BioGRID (The Biological General Repository for Interaction Datasets) is another major open access PTM database. In addition to protein and genetic interactions, it also holds data on ∼726 000 phosphorylation sites in  ∼ 72 000 proteins, which were extracted from 4742 publications for 71 major model organisms (126).

PSP (PhosphoSitePlus) is an online resource for studying experimentally observed PTMs such as phosphorylation, ubiquitinylation and acetylation. PSP is comprised of ∼484 000 PTM sites for more than 7 PTM types from 26 species. However, the major amount of its data are extracted from human, mouse and rat (127).

The qPTM database contains 10 types of PTMs for ∼296 900 sites in more than 19 600 proteins under 661 conditions that are collected and integrated into a database (128).

Computational methods for predicting PTMs

Generally speaking, any computational method for predicting a specific type of PTM has four main steps: data gathering, feature extraction, learning the predictor and performance assessment. These steps have been schematically shown in Figure 6. In the following, these steps are described in detail. Also, the related challenges and problems in each step are discussed as well.

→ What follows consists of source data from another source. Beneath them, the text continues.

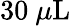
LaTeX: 30~\mu\mathrm{L}
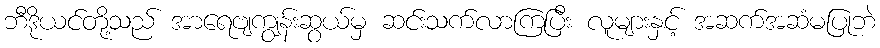
ဘီဒိုယင်တို့သည် အာရေဗျကျွန်းဆွယ်မှ ဆင်းသက်လာကြပြီး လူများနှင့် အဆက်အဆံမပြုဘဲ
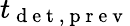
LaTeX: t_{\mathrm{~d~e~t~,~p~r~e~v~}}
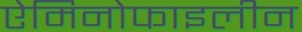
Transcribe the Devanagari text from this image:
ऐमिनोफाइलीन
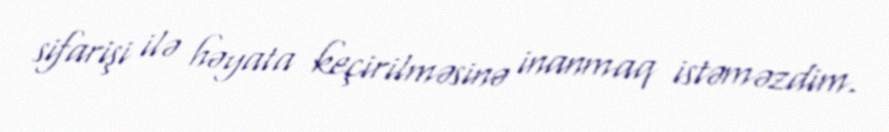
sifarişi ilə həyata keçirilməsinə inanmaq istəməzdim.
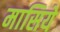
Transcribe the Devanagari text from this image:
मासिये
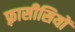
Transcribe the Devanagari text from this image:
फ़्रासीसियों

A schematic flowchart to show how a predictor works for PTM prediction. (A) Data collection and dataset creation. (B) Feature selection. (C) Creating training and testing models. (D) Evaluation of the performance of the models.
Figure 6.

A schematic flowchart to show how a predictor works for PTM prediction. (A) Data collection and dataset creation. (B) Feature selection. (C) Creating training and testing models. (D) Evaluation of the performance of the models.

Data gathering

The first step of a PTM prediction method is gathering the data of proteins that undergo the PTM of interest, in order to assemble a valid dataset (Figure 6A). The final dataset must include both positive (polypeptide sequences having a target residue that has undergone PTM) and negative (polypeptide sequences having a target residue that has not been affected by PTM) samples in order to enable us to train a machine learning algorithm for predicting PTMs.

Positive data selection: almost all studies use the aforementioned databases (such as dbPTM or Uniprot) to gather the positive samples.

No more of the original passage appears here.